Раньше я бывал зверем, теперь со мной всё в порядке - страница 10
Однажды вечером выхожу я из магазина, как обычно, со своей любимой рыбой в рассоле и картофельными чипсами и шлёпаю верх по склону холма по направлению к методистской церкви, расположенной на самой вершине. Останавливаюсь у фонаря, чтобы выловить рыбку из рассола, и до меня доносятся до боли знакомые аккорды. Аккорды Рэя Чарльза! Прямо из дверей методистской церкви! Я не поверил своим ушам. И совершенно точно, это не пластинка. Понимая, что это не запись, я удивился, насколько точными были все нюансы. Широкими шагами направляюсь туда, плачу шиллинг за вход и попадаю на почти полупустой танцпол. В дальнем углу расположился небольшой ансамбль — трио Томаса Хедли — бас, пианино и гитара. Стоя и дожёвывая свои чипсы, я слушал и ничего не мог понять. Вот же, предо мной то, что я всё время искал — ансамбль! Окончив играть What’d I Say, что ещё больше вызвало во мне изумление, Томас Хедли встаёт из–за пианино и идёт через весь зал за содовой, а басист, который оказался Аланом Прайсом, откладывает свою бас–гитару, садится за клавиши и начинает играть попурри на тему мелодий Джерри Ли Люиса! И играет даже лучше Томаса Хедли, а я понимаю в ту же секунду, что вот он, мной музыкант, с которым хочу работать.

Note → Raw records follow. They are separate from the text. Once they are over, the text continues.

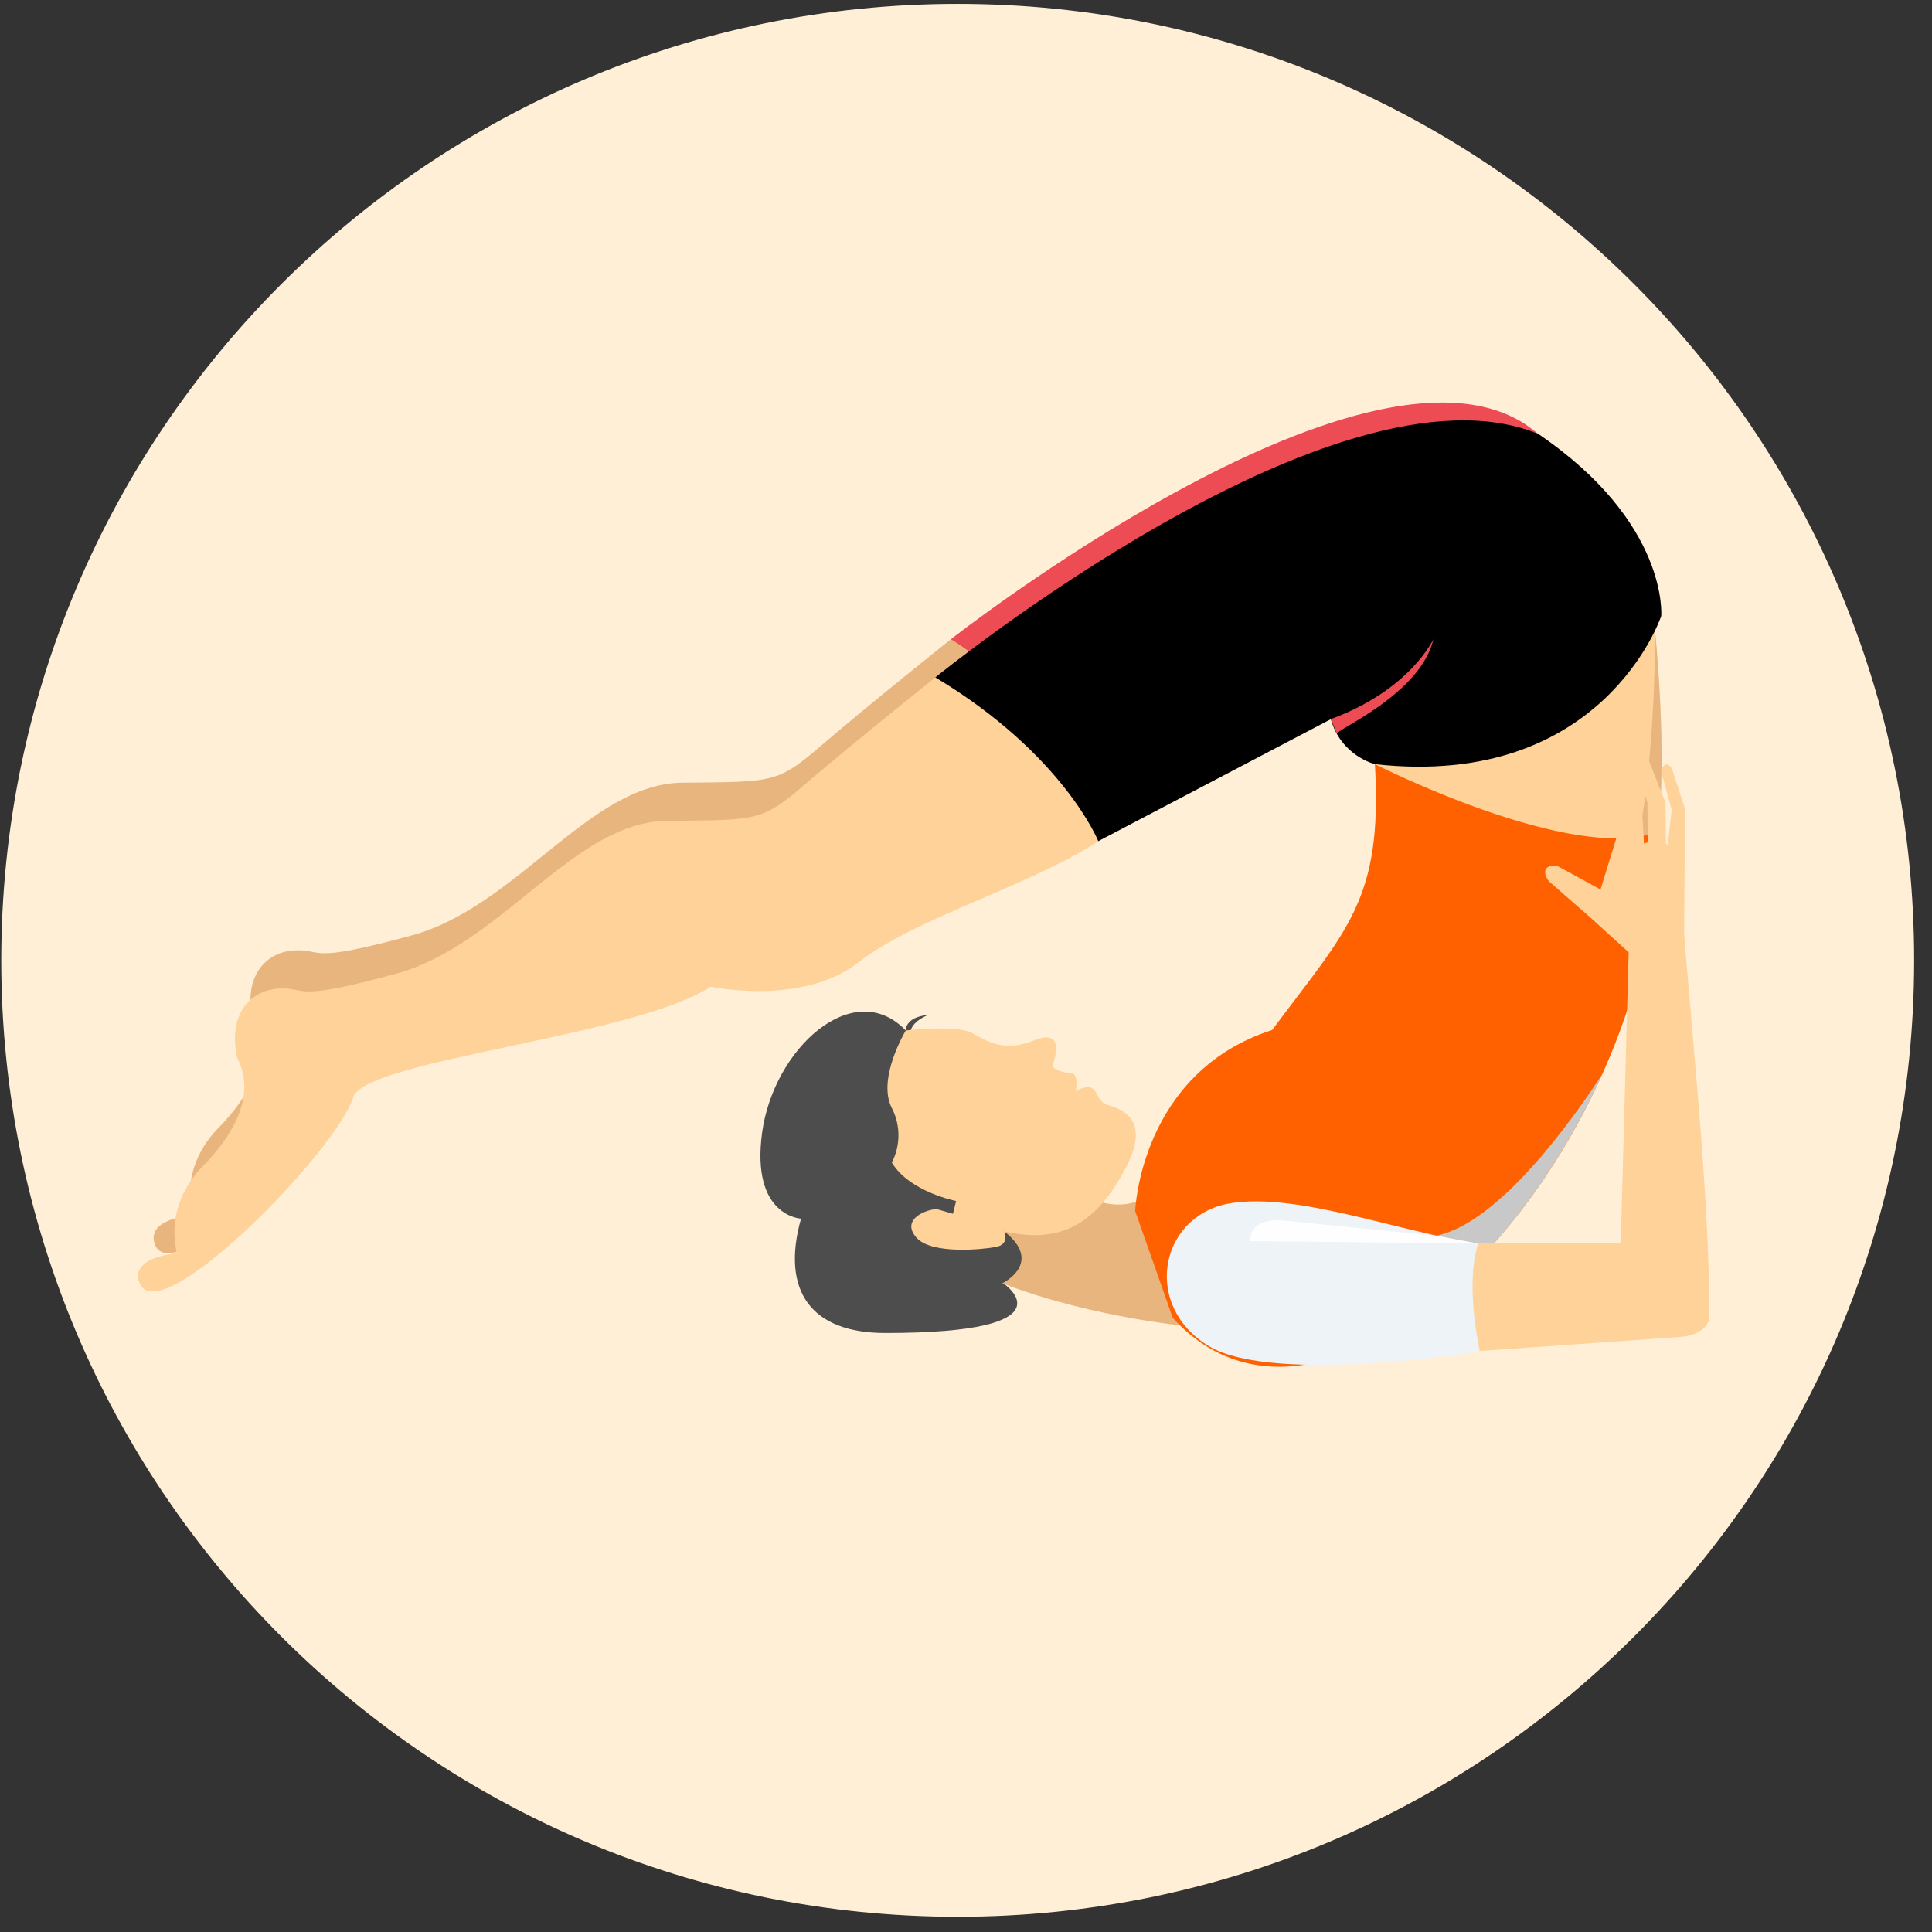 <svg width="101" height="101" viewBox="0 0 101 101" fill="none" xmlns="http://www.w3.org/2000/svg">
<rect x="0" y="0" width="101" height="101" fill="#333333" stroke="none"/>
<g clip-path="url(#clip0_4432_3296)">
<path d="M100.066 50.203C100.066 22.589 77.681 0.203 50.066 0.203C22.452 0.203 0.066 22.589 0.066 50.203C0.066 77.818 22.452 100.203 50.066 100.203C77.681 100.203 100.066 77.817 100.066 50.203Z" fill="#FFEFD6"/>
<path d="M49.709 33.418C49.709 33.418 45.416 36.842 43.014 38.906C40.612 40.969 40.511 40.867 35.658 40.918C30.803 40.969 27.021 47.409 21.516 48.905C16.012 50.401 16.942 49.63 15.441 49.681C13.94 49.733 12.693 50.993 13.213 53.313C14.464 55.686 12.214 58.157 11.413 58.97C10.612 59.783 9.559 61.362 10.06 63.529C10.06 63.529 7.758 63.684 8.058 64.922C8.806 68.008 18.353 58.247 19.267 55.39C19.781 53.412 33.957 52.216 37.959 49.585C37.959 49.585 42.763 50.617 45.715 48.295C48.667 45.974 54.901 44.244 58.449 41.831C58.449 41.831 58.806 32.934 49.708 33.417L49.709 33.418Z" fill="#E8B57F"/>
<path d="M86.453 32.287C86.453 32.287 83.943 39.859 72.227 38.322C72.227 38.322 70.497 37.868 70.004 35.965L57.418 43.972C57.418 43.972 56.214 37.488 49.711 33.417C49.711 33.417 71.096 16.629 79.713 22.162C86.357 26.867 86.453 32.287 86.453 32.287Z" fill="#ED4C54"/>
<path d="M48.898 35.41C48.898 35.41 53.41 44.543 57.639 43.824C57.639 43.824 57.221 36.297 48.898 35.41Z" fill="#ED4C54"/>
<path d="M48.899 35.414C48.899 35.414 44.604 38.838 42.203 40.902C39.801 42.965 39.7 42.862 34.847 42.914C29.993 42.965 26.21 49.405 20.706 50.901C15.201 52.397 16.132 51.626 14.63 51.677C13.129 51.729 11.883 52.989 12.402 55.309C13.653 57.682 11.403 60.152 10.602 60.966C9.801 61.779 8.749 63.358 9.249 65.525C9.249 65.525 6.947 65.68 7.248 66.918C7.995 70.004 17.543 60.243 18.457 57.386C18.971 55.408 33.147 54.212 37.149 51.581C37.149 51.581 41.953 52.613 44.905 50.291C47.857 47.97 54.091 46.24 57.639 43.827C57.639 43.827 57.996 34.93 48.899 35.414Z" fill="#FED298"/>
<path d="M86.44 32.18C86.44 32.18 87.391 40.434 86.44 45.078C86.44 45.078 76.485 45.965 71.879 39.95L86.44 32.18Z" fill="#FED298"/>
<path d="M86.521 32.965C86.729 35.136 87.213 41.3 86.44 45.076C86.44 45.076 86.025 45.113 85.326 45.121C86.581 40.731 86.521 32.965 86.521 32.965Z" fill="#E8B57F"/>
<path d="M52.502 64.378C52.502 64.378 53.587 64.63 53.641 65.887C53.695 67.145 52.502 67.13 52.502 67.13C52.502 67.13 56.203 69.686 46.275 69.686C42.398 69.686 40.818 67.481 41.875 63.708C41.875 63.708 39.245 63.596 39.842 59.208C40.438 54.82 44.613 51.019 47.351 53.87C47.351 53.87 47.297 53.171 48.517 53.059C48.517 53.059 47.433 53.479 47.623 54.149L52.503 64.379L52.502 64.378Z" fill="#4D4D4D"/>
<path d="M57.383 62.784C57.383 62.784 59.138 63.492 60.433 62.148L62.517 69.375C62.517 69.375 57.274 68.961 52.395 67.089C52.395 67.089 54.59 66.027 52.503 64.378C52.503 64.378 56.488 62.534 57.383 62.785L57.383 62.784Z" fill="#E8B57F"/>
<path d="M47.352 53.869C47.352 53.869 50.009 53.561 50.822 54.008C51.636 54.456 52.552 55.036 54.124 54.365C55.796 53.735 55.034 55.592 55.034 55.732C55.034 55.871 55.547 56.096 55.981 56.096C56.415 56.096 56.245 57.027 56.245 57.027C56.245 57.027 56.895 56.662 57.166 56.942C57.437 57.222 57.41 57.502 57.735 57.698C58.061 57.893 60.638 58.113 58.602 61.498C56.786 64.74 54.536 64.824 52.503 64.377C52.503 64.377 52.801 65.048 52.069 65.187C51.337 65.327 48.708 65.58 47.922 64.713C47.136 63.847 48.165 63.287 48.952 63.203L49.819 63.455L49.982 62.785C49.982 62.785 47.542 62.31 46.62 60.772C46.62 60.772 47.407 59.458 46.62 57.921C45.834 56.384 47.353 53.869 47.353 53.869L47.352 53.869Z" fill="#FED298"/>
<path d="M59.344 63.311C59.344 63.311 59.601 56.072 66.506 53.844C70.435 48.563 72.282 47.054 71.877 39.949C71.877 39.949 82.222 45.208 86.682 43.477C86.552 60.634 69.682 78.136 61.306 68.891L59.344 63.311Z" fill="#FF6100"/>
<path d="M83.763 56.156C82.247 59.534 80.246 62.605 78.015 65.094C77.107 65.008 76.12 64.825 75.092 64.598C78.384 63.932 82.247 58.481 83.763 56.156Z" fill="#C8C8C8"/>
<path d="M78.395 65.124C77.509 65.263 76.404 69.23 77.692 70.598C77.692 70.598 66.629 72.438 63.194 70.371C59.76 68.303 60.571 63.702 64.12 62.941C67.97 62.179 74.157 64.843 78.395 65.124H78.395V65.124Z" fill="#EEF3F7"/>
<path d="M86.844 32.206C86.844 32.206 83.816 41.276 71.877 39.948C71.877 39.948 70.111 39.521 69.574 37.597L57.416 43.974C57.416 43.974 55.584 39.422 48.897 35.413C48.897 35.413 69.86 18.33 80.421 22.688C87.264 27.338 86.844 32.207 86.844 32.207L86.844 32.206Z" fill="black"/>
<path d="M69.889 38.363L69.574 37.594C73.745 36.052 74.935 33.41 74.935 33.41C74.284 36.289 69.761 38.19 69.888 38.362L69.889 38.363Z" fill="#ED4C54"/>
<path d="M83.669 46.501L81.392 45.258C80.777 45.192 80.587 45.565 80.983 46.084L83.074 47.906L85.142 49.784L84.73 64.963L77.275 65.006C76.525 67.361 77.458 70.924 77.346 70.627L87.851 69.888C88.787 69.822 89.35 69.333 89.353 68.859C89.396 63.043 88.473 54.386 88.041 48.786L88.092 42.306L87.449 40.319C87.201 39.609 86.792 40.154 86.848 40.356L87.39 42.333L87.194 44.166C87.16 44.148 87.125 44.13 87.089 44.113L87.068 41.965L86.098 39.5C85.91 38.813 85.236 39.133 85.374 39.572L86.121 41.938L86.144 44.035C86.097 44.046 85.987 44.08 85.943 44.109L85.84 42.202L84.898 39.914C84.546 39.286 84.132 39.684 84.123 39.935C84.123 40.263 84.611 41.75 84.855 42.657L83.671 46.501L83.669 46.501Z" fill="#FED298"/>
<path d="M66.835 63.781L75.138 64.609L77.274 65.007L65.346 64.882C65.357 64.199 65.809 63.804 66.835 63.781Z" fill="#FEFEFE"/>
</g>
<defs>
<clipPath id="clip0_4432_3296">
<rect width="100" height="100" fill="white" transform="translate(0.066 0.203)"/>
</clipPath>
</defs>
</svg>

Подождав, когда они сыграют всю программу, я подошёл к Томасу Хедли и представился, кстати совсем непохожего на Джерри Ли Люиса. Алан Прайс и гитарист, имени, которого вспомнить я не могу, стояли поодаль, пока мы с Хедли разговаривали. Оказалось, они уже долго играют вместе, но только по ту сторону реки, и надеются выступить на шоу талантов Кэрол Люис.
Перед тем как расстаться мне удалось перекинуться парой слов с Аланом Прайсом и сказать, что, по–моему, ему больше подходят клавиши чем бас–гитара. Вместо ответа он прохрюкал что–то похожее на «спасибо» и ушёл.
Подытоживая всё, скажу, что и музыка, и моя любовь к Дорин Кокер, и моя постоянная тяга к джазу и к истории американской чёрной музыки — всё подталкивало меня всё ближе и ближе к действительной оценке чёрной культуры.
Точно не могу вспомнить, когда и где я расколол свой орех. Я поигрывал этим в школе, и называл их своими «сексуальными опытами». Я уверил себя, что перепробовал всё возможное, «в пределах человеческих желаний». Но если быть честным, у меня ещё не было желанной девушки в подобающей атмосфере, и чтобы без перерыва, на всю ночь. Но я купался в наслаждениях и будущее рисовалось мне с радостью. Где–то в течение того жаркого лета между школой и поступлением в колледж это и произошло.
Был такой джазовый клуб на Нельсон–стрит при университетском студенческом обществе, принадлежащий Майку Джеффери и расположенный на четвёртом этаже в самом дальнем конце громадного торгового комплекса. Горячее местечко. Майти Джо Младший там регулярно выступал, как и Клайд Велли Стомперс. Лучшие коллективы Северо—Востока играли там. Место, где студенты пересекались с уличной молодёжью. Даже с дальних ферм приезжали сюда. Среди разных характеров, выделялся один горняк, все звали его Джорди. Пяти футов трёх дюймов, смуглый с запоминающимся лицом с тёмно–карими глазами и чёрными струящимися волосами, Он был невероятно силён для парня поглощающего несчётное количество пинт ньюкаслского тёмного эля.
Обладатель ужасающего шрама, через весь череп от уха до уха, слегка только прикрываемого недавно выросшими чёрными волосами. Приобретённого им во время нелегальных скачек на пони через четверть–мильный туннель. Шлема у него не было, и он врезался головой прямо в закрытый шлагбаум. Пролежав в коме три недели, провёл он в больнице целый год. Он уже нигде не работал и ему выложили кругленькую сумму. И он уже вовсю наслаждался такой ранней отставкой, когда я неожиданно наскочил на него в джаз–клубе М. Дж. Он бывал там обычно не один, а со своей подругой, блондинкой, носящей невозможно узкие юбки, как если бы на время она становилась жидкой и её заливали в них. И, думаю, тратила неимоверно много времени, ухаживая за своими ногтями. Вдобавок в тусклом и сумрачном освещении клуба её волосы казались серебряными. Даже когда молчала, губы её не переставали шевелиться.